Count the lines in the data below that have "present" in them, and reply with only that number.

Start of SUPPLIED RECORDS

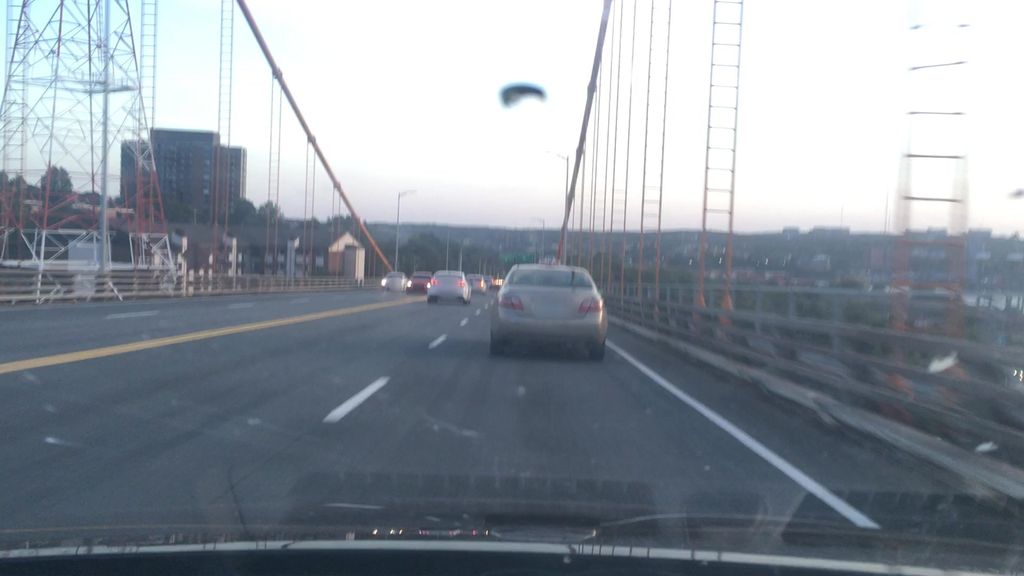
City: halifax
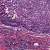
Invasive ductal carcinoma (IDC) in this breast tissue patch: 0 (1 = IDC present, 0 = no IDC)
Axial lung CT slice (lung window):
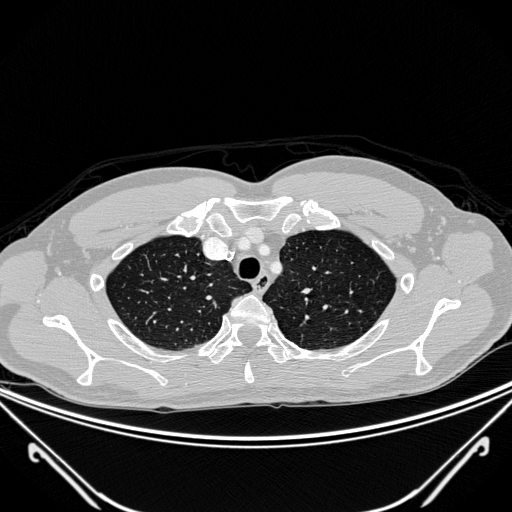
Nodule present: no
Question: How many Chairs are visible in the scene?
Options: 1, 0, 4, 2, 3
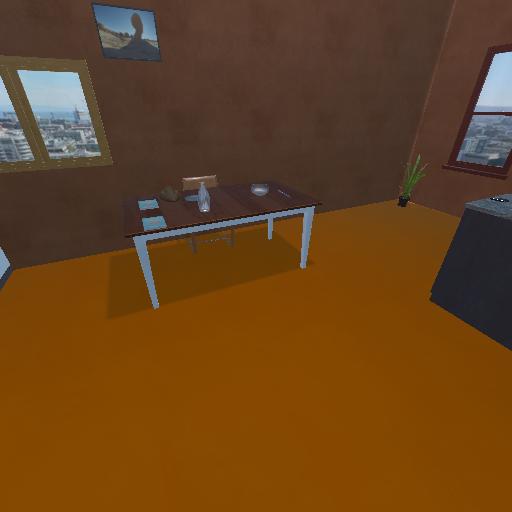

End of SUPPLIED RECORDS

:: OUTPUT BELOW ::
2